Thankfully New Horizons allows me to be more boring than ever before. It allows me to nerd out over my vast collection of KK Slider vinyl, or to place furniture exactly where I need it, and have it the colour I want it to be. It’s let me fulfill my ultimate fantasy of living in Dungeness’ Prospect Cottage, with my own little idyll overlooking the sea, complete with a driftwood garden that’s within reach of the lapping waters. It’s a place where I can bliss out as the sun sets and I admire all my petty achievements in-game.

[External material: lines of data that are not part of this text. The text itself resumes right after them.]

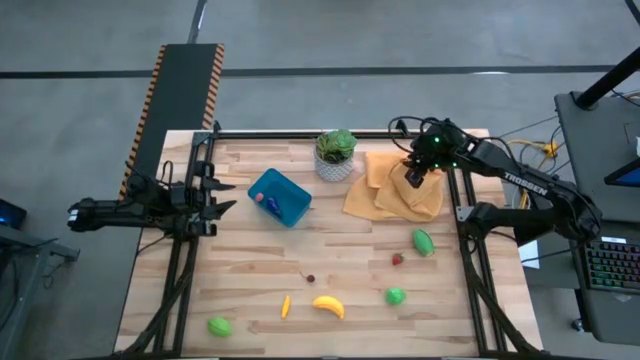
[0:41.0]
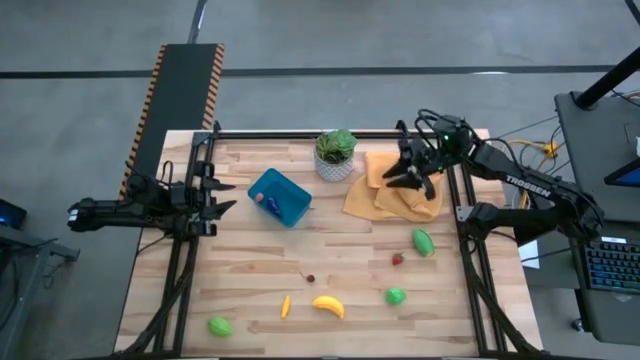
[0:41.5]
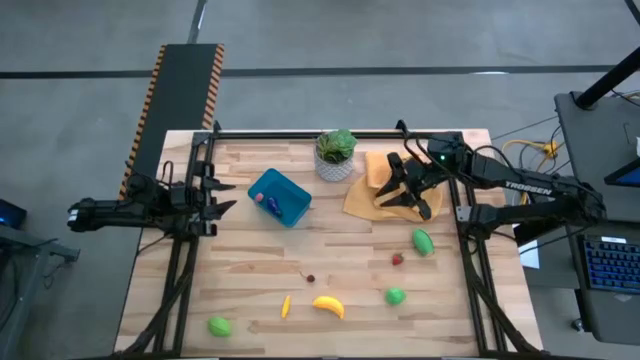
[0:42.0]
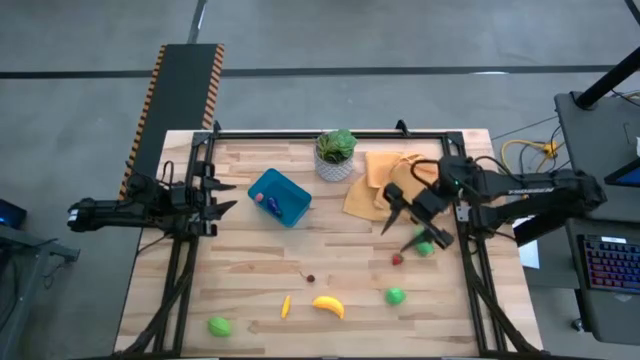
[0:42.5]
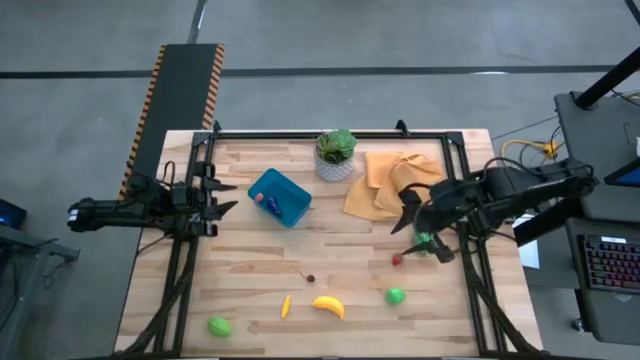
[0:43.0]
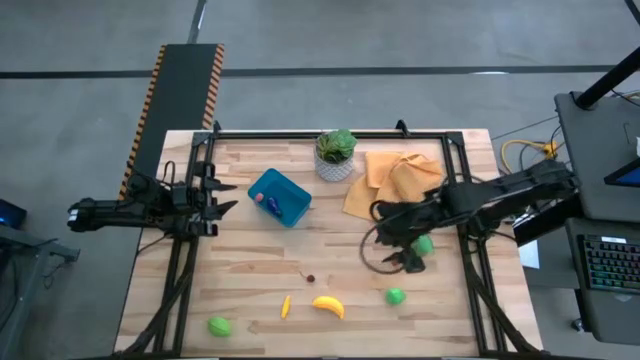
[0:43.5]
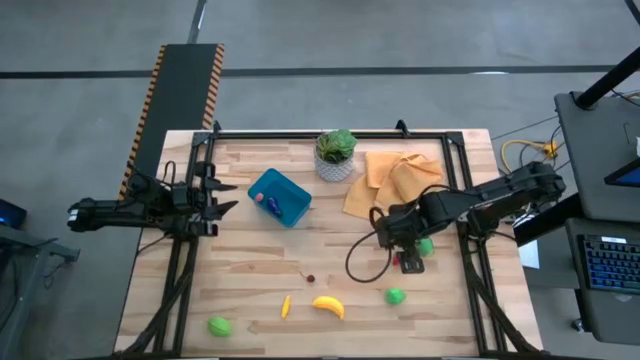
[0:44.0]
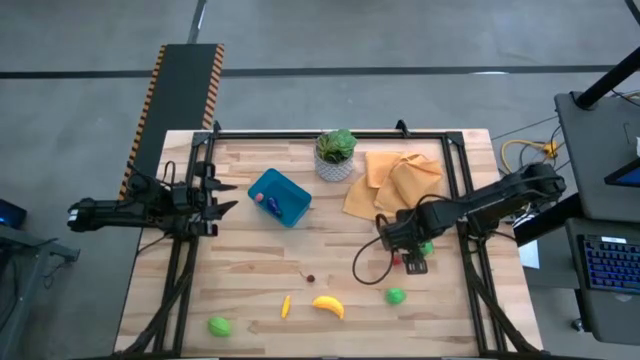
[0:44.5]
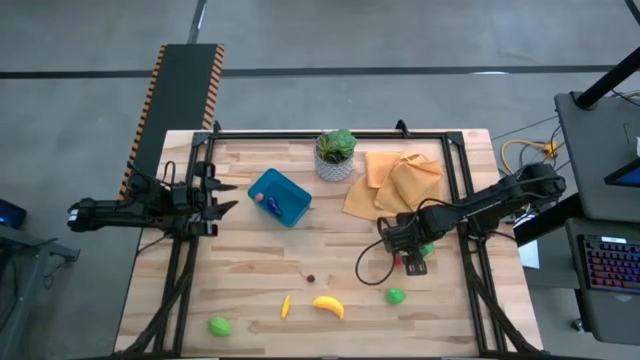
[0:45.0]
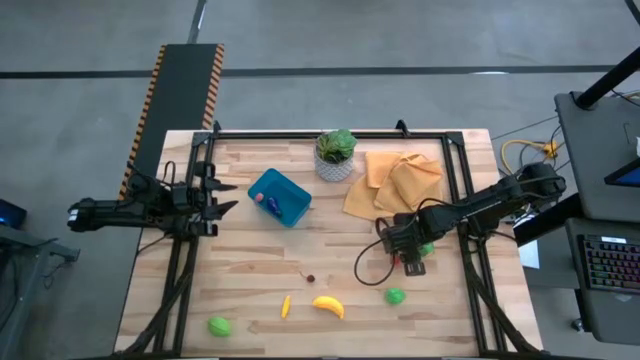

And it’s from there I can retire and once more admire that perfect bathroom, the result of so many hours of scouting, decision-making and refitting. It’s how I choose to play Animal Crossing, and I’m perfectly happy that way – and I’m grateful that New Horizons offers such a broad possibility space that it’s entirely enjoyable to take the more casual approach. Are the people finding exploits, or even exploiting other player’s desires for the perfect villager, playing Animal Crossing wrong? Lord no – they’re just making extraordinary and often inspired use of the broad and free space that Nintendo’s provided, and I’ll never hold them in the same disdain I have for time travellers – something that always has been and always will be a crime.

The cults, communities and small industries that have emerged in New Horizons are what makes it such a fascinating game. Animal Crossing often has the ability to place a mirror in front of its players, revealing their quirks and grotesqueries in its own cutesy way. I think I’m just happy to find that my own reflection is, in its own way, entirely unremarkable.